Pakistan’s troop movements bad news for terror fight

? Pakistan began moving thousands of troops from the Afghan border toward India, officials and witnesses said Friday, raising tensions between the nuclear-armed neighbors and possibly undermining the U.S.-backed campaign against al-Qaida and the Taliban.

The country also announced that it was canceling all military leave in the aftermath of last month’s terror attack on the Indian financial capital of Mumbai.

India has blamed Pakistani militants for the terrifying three-day siege; Pakistan has demanded that India back this up with better evidence.

Pakistan’s latest moves were seen as a warning that it would retaliate if India launches air or missile strikes against militant targets on Pakistani soil — rather than as an indication that a fourth war was imminent between the two countries.

The reported decision threatens the critical U.S. foreign policy aim of relying on Pakistan’s military in the global battle against terrorism.

President-elect Barack Obama’s campaign promise to turn around the stalemated war in Afghanistan could be the first casualty of Pakistan’s latest moves, and the frustrated American effort to decimate al-Qaida may be the second.

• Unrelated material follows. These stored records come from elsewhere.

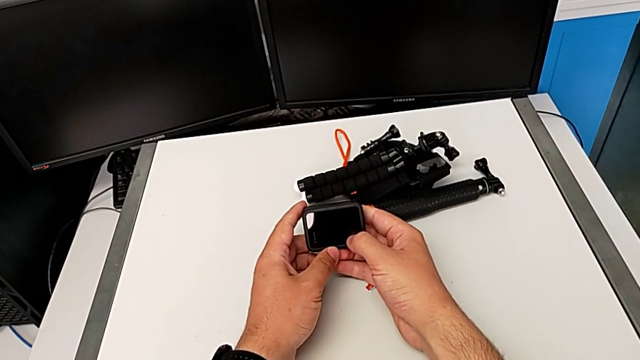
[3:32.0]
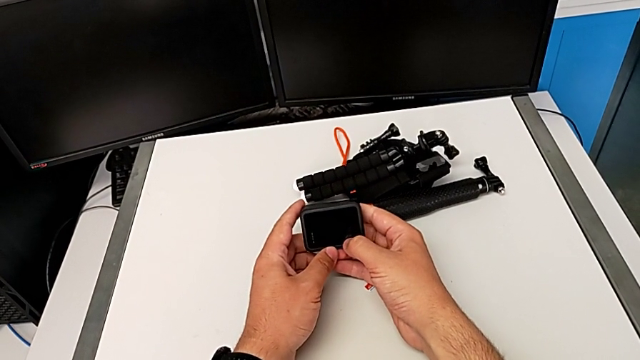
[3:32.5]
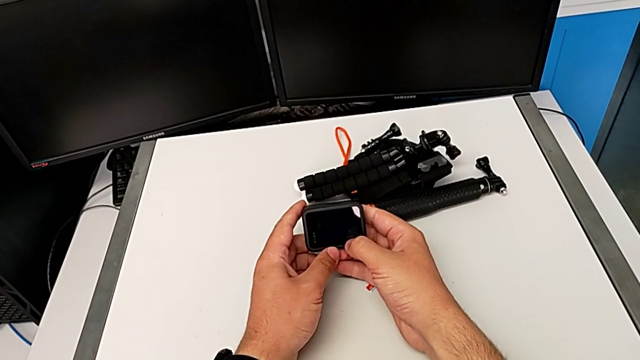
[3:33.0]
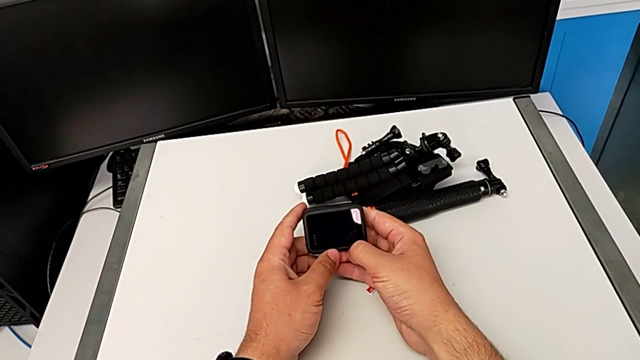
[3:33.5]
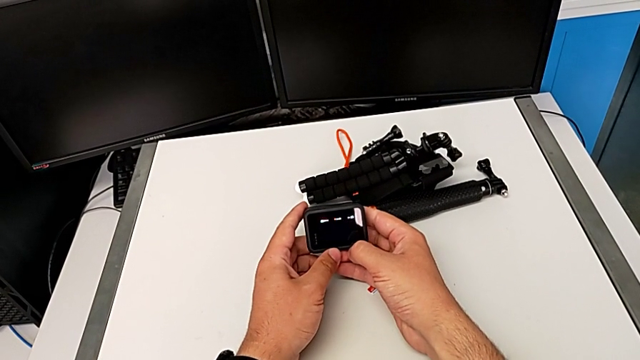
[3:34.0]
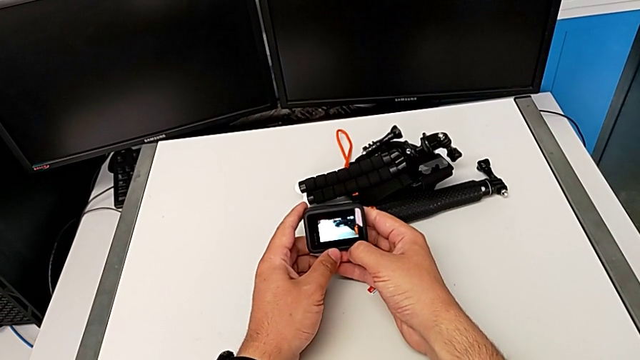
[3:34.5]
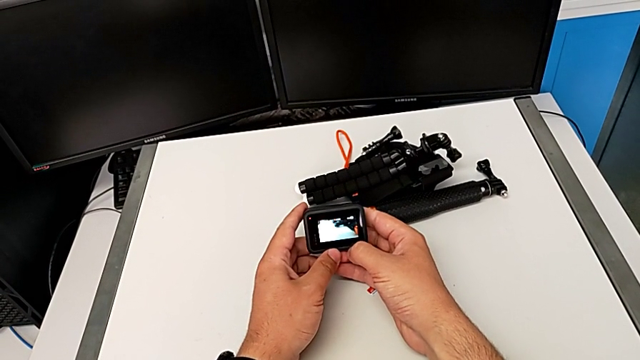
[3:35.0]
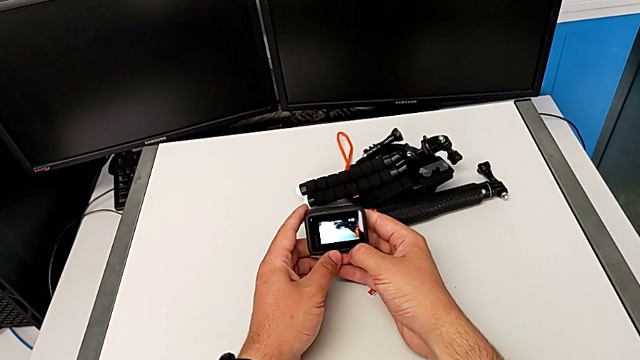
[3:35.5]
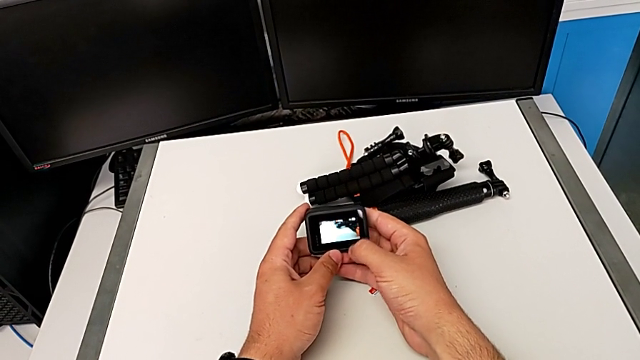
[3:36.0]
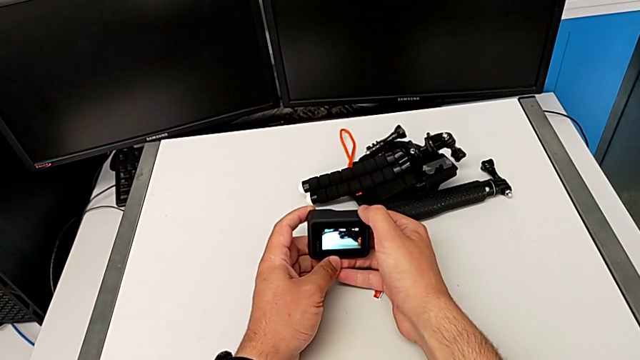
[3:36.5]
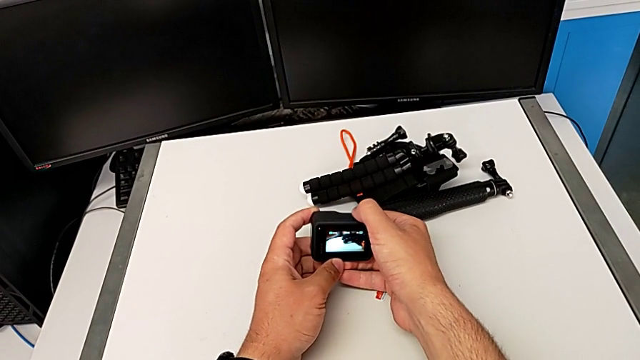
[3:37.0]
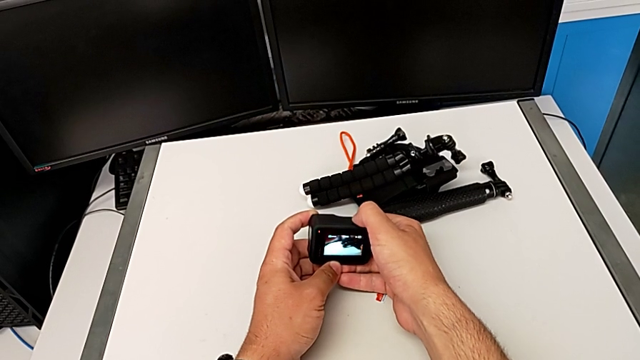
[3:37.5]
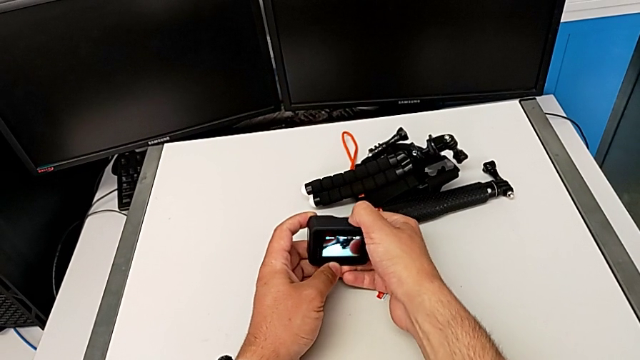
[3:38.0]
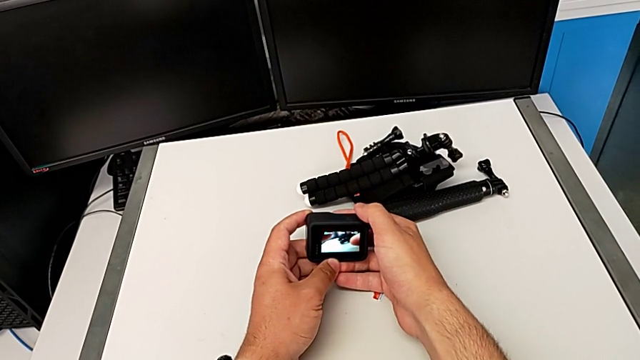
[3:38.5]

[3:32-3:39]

Pakistan’s sudden military shift catches two administrations in mid-transition, presenting Obama with a dangerous spike in tension that his predecessor has been unable to prevent.

As President George W. Bush found out, the United States can’t wage either fight alone and can’t always persuade even well-meaning allies to set aside their own agendas and domestic politics.

To win in Afghanistan rather than merely hold ground, the United States and its allies must find a way to seal off the militants’ redoubts across the forbidding mountainous border with Pakistan. The U.S. can’t do that without Pakistan’s help, and Pakistani and Afghan militants know it.

Bush administration officials have been shuttling to New Delhi and Islamabad for weeks following the terrorist attacks in Mumbai, India, pleading with both sides not to let well-founded suspicions that the attacks originated in Pakistan become an excuse for new conflict. India and Pakistan have fought three wars, and enmity against the other has been an organizing principle for leaders of each nuclear-armed country.

If Pakistan yanks fighting forces away from what the U.S. considers the good war against terrorism in the tribal areas bordering Afghanistan, it will bear out U.S. fears of a ripple effect and show how easily militants can exploit the old rivalry.

“We hope that both sides will avoid taking steps that will unnecessarily raise tensions during these already tense times,” White House spokesman Gordon Johndroe said Friday.

“It would be really disastrous at this point if there was even a mini-war, because Pakistan is already overwhelmed with what’s going on domestically,” said Frederick Barton, a security expert at the Center for Strategic and International Studies.

“They really have lost their ability to control large parts of their country,” he said.

U.S. intelligence and military officials were still trying to determine if the reported troop movements were true, and, if so, what Pakistan’s intent may be. And they cautioned that the reports may be aimed more as a warning to India not to launch missile strikes against militant targets on its territory.